Search code examples
performancex86-64simdavx512

Do AVX512 mask register reduce the execution time?


When doing an AVX512 operation (using intrinsics) with a mask register, does the content of the mask change anything to the computing performance (latency, throughput, occupation of ports, ...)?

For example: if I perform a _mm512_mask_fmadd_round_ps and my mask register has only 1 bit set, is it any different than having all bits set to 1?

Supposing I'm not using the results of the computation for anything but 1 of the lanes, should I always mask when possible or is it guaranteed (by spec or by measurements on actual CPUs, but maybe likely to change...) not to have any visible effect? Maybe with intrinsics being optimized before lowered to asm the compiler can see some form of ILP?


Solution

  • No, even for the rare instructions like vsqrtps where the execution units aren't full width, it does the full computation regardless of the mask, and just merges at the end. see performance numbers on https://uops.info/ (and https://agner.org/optimize/ for more info on understanding uops, ports, and latency).
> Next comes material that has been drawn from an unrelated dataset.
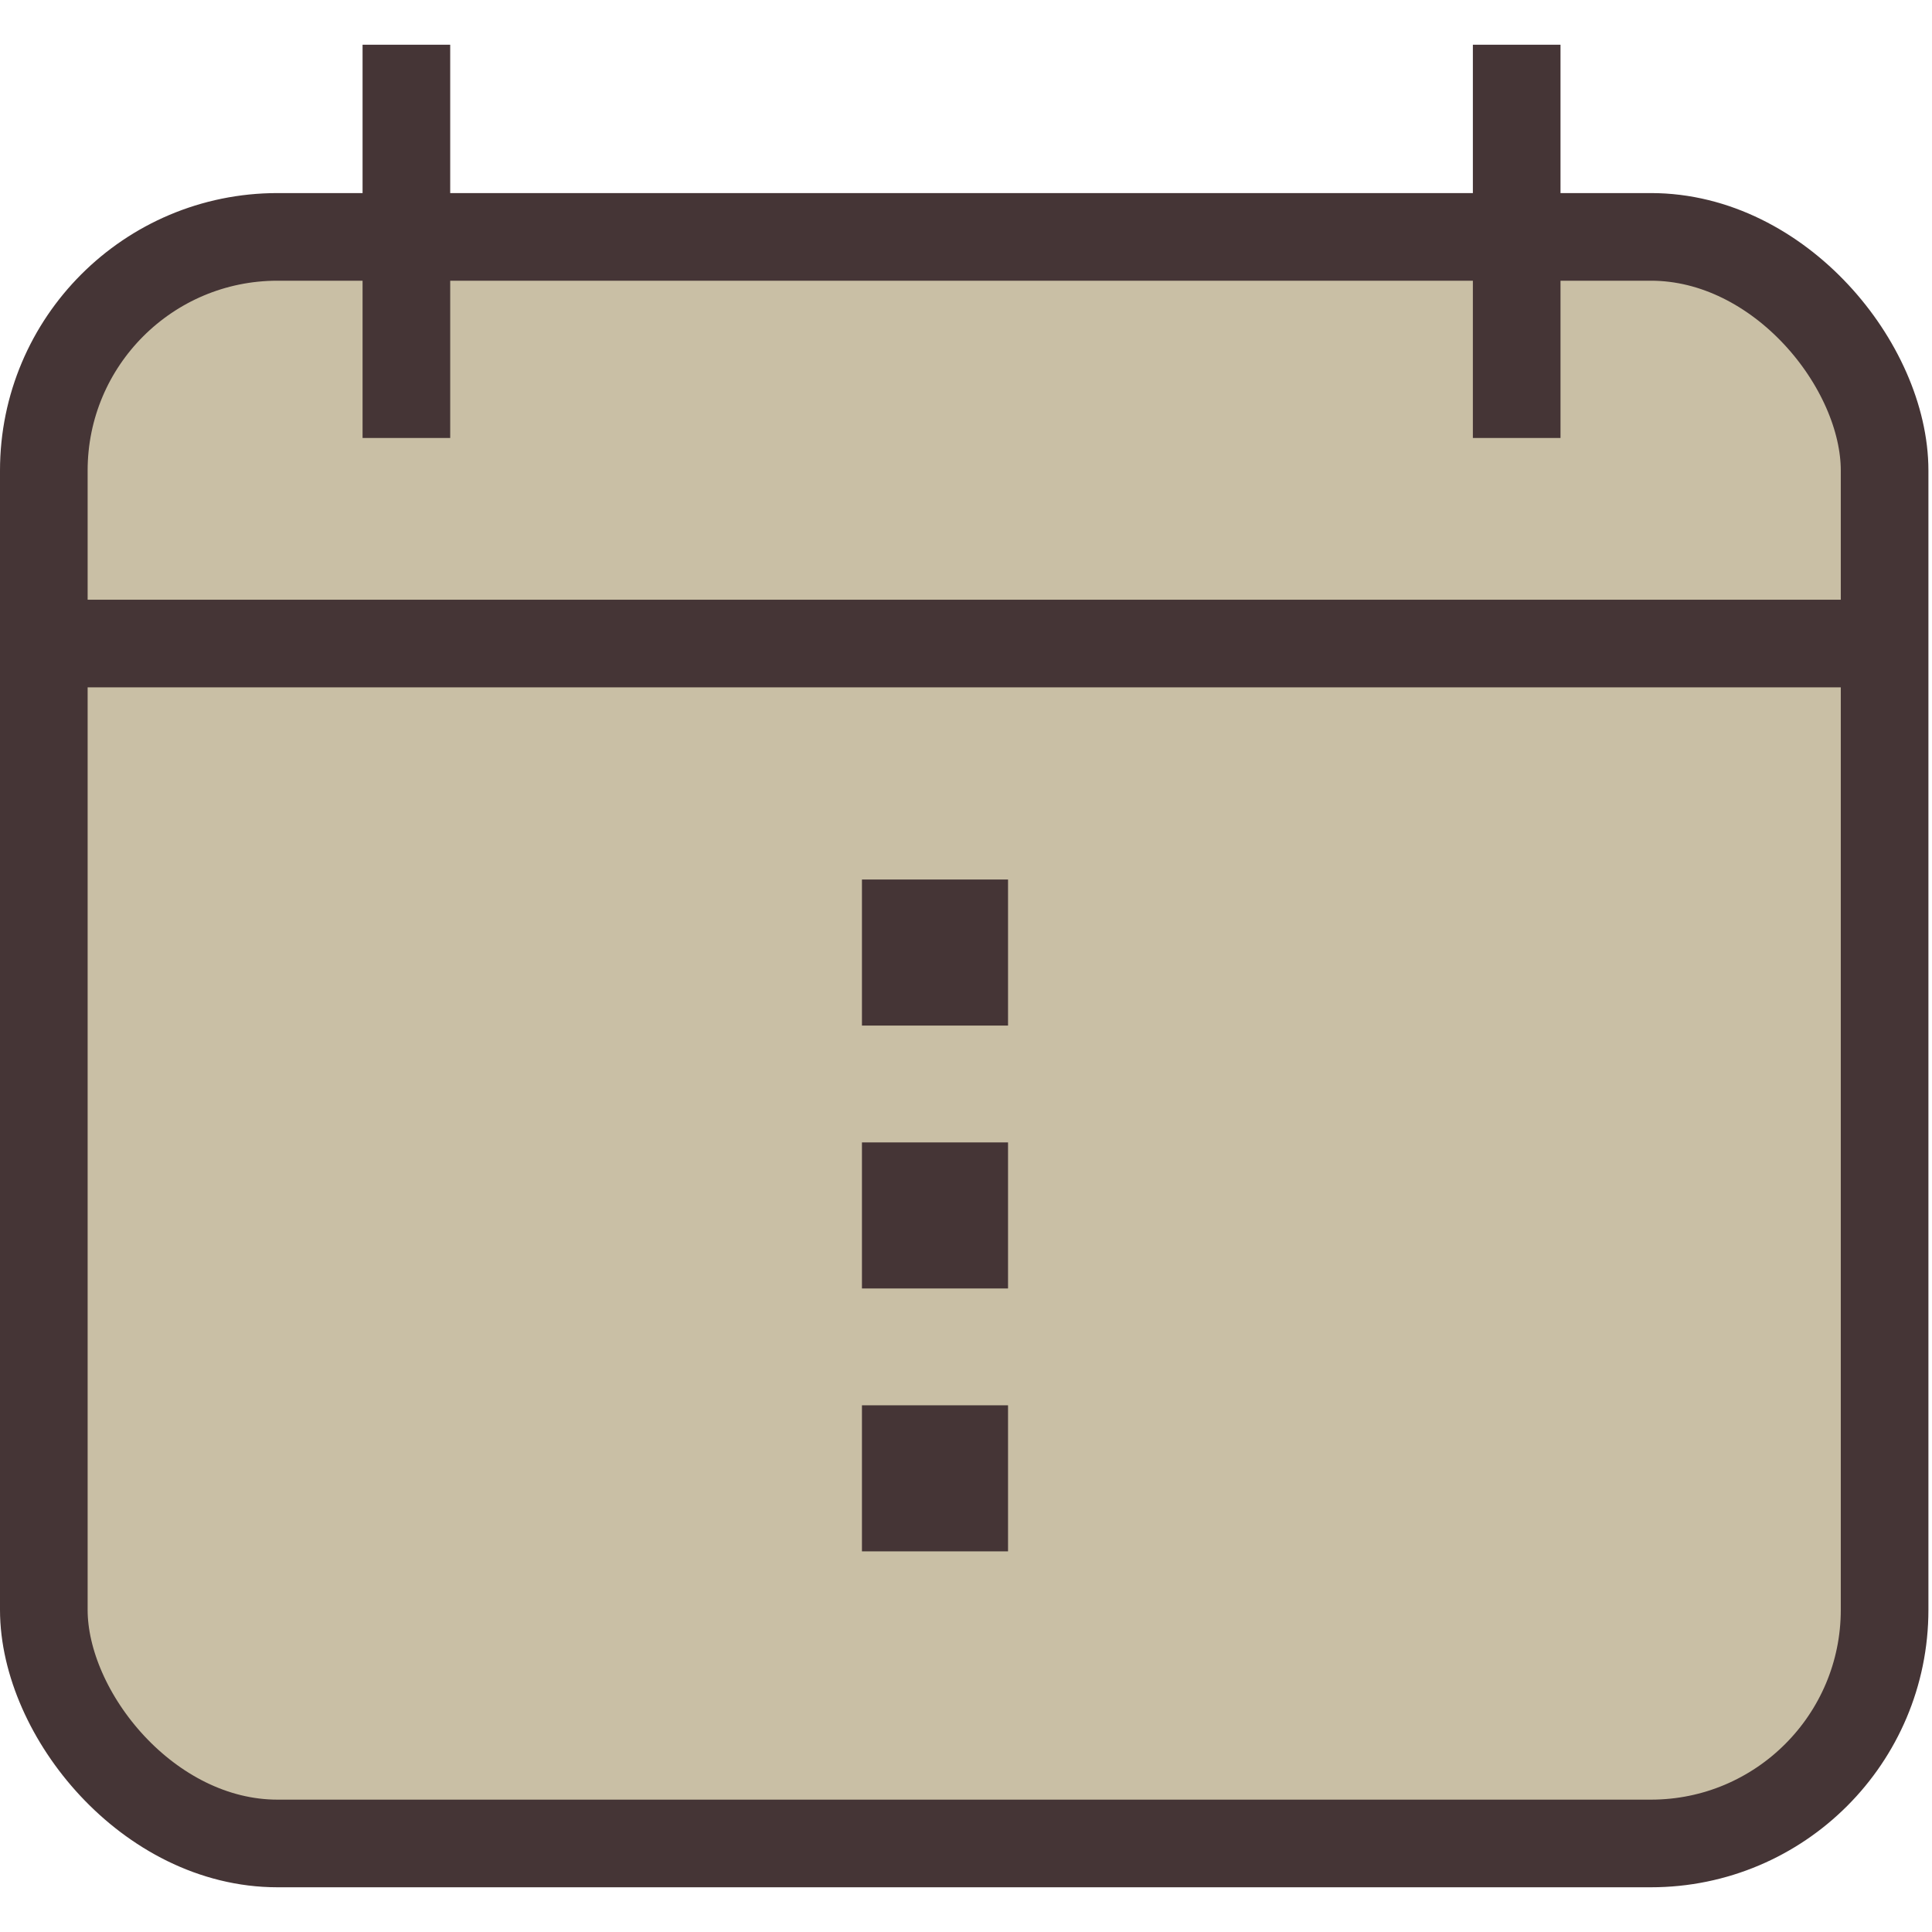 <?xml version="1.0" encoding="UTF-8"?> <svg xmlns="http://www.w3.org/2000/svg" xmlns:xlink="http://www.w3.org/1999/xlink" width="600px" height="600px" viewBox="0 0 600 600" version="1.1"><title>Appointment_Icon</title><g id="Appointment_Icon" stroke="none" stroke-width="1" fill="none" fill-rule="evenodd"><g id="Group-16" transform="translate(0, 13.889)" stroke="#453536"><rect id="Rectangle" stroke-width="27.215" fill="#C9BFA5" x="13.607" y="59.679" width="571.674" height="498.935" rx="72.572"></rect><rect id="Rectangle" stroke-width="9.072" fill="#453536" x="272.222" y="263.789" width="36.296" height="36.286"></rect><rect id="Rectangle-Copy-4" stroke-width="9.072" fill="#453536" x="272.222" y="345.433" width="36.296" height="36.286"></rect><rect id="Rectangle-Copy-5" stroke-width="9.072" fill="#453536" x="272.222" y="427.077" width="36.296" height="36.286"></rect><line x1="126.207" y1="122.129" x2="126.207" y2="0" id="Path-2" stroke-width="27.215"></line><line x1="471.022" y1="122.129" x2="471.022" y2="0" id="Path-2-Copy" stroke-width="27.215"></line><line x1="14.006" y1="185.964" x2="579.363" y2="185.964" id="Path-3" stroke-width="27.215"></line></g></g></svg>

    Although I think the merge-target even needs to be ready before the uop can dispatch, even though in theory it only needed to be ready after the ALU latency. Zero-masking (maskz instead of mask) doesn't have this issue because the destination is write-only, not merged into.

    No, masking doesn't make anything faster, it would just cost you extra instructions to set up the mask register. It probably doesn't even save power (which could indirectly help performance by allowing higher turbo for longer).

    CPUs already run most SIMD instructions with fixed latency for the 512, 256, and 128-bit versions, using wide execution units, so skipping some work would just mean some elements of the execution unit go idle; the whole point of short-vector CPU-style SIMD is to stuff more work into fewer instructions because finding dependencies between instructions (or uops) and out-of-order scheduling them to execution ports is complex and power-expensive to scale up.

    Breaking them up and looking for idle elements of SIMD execution units to try to send other work to those parts of an execution unit would defeat the purpose, requiring scheduling of each element separately.

    (GPU-style SIMD has a simple pipeline for each execution unit so it does basically work that way. CPUs care about latency, not just throughput, so they have one wide out-of-order exec pipeline per core, not huge numbers of pipelines.)


    If the only element you care about is known to be in the low 128 or 256 bits, you can use the _mm_fmadd_ps or _mm256_fmadd_ps version (although the rounding-override version is only available for 512-bit vector width, so if you need the _round override version, it has to be 512).

    Clang has a pretty clever shuffle optimizer that can sometimes see through compile-time-constant shuffles and notice that only one element is later extracted, and optimize accordingly.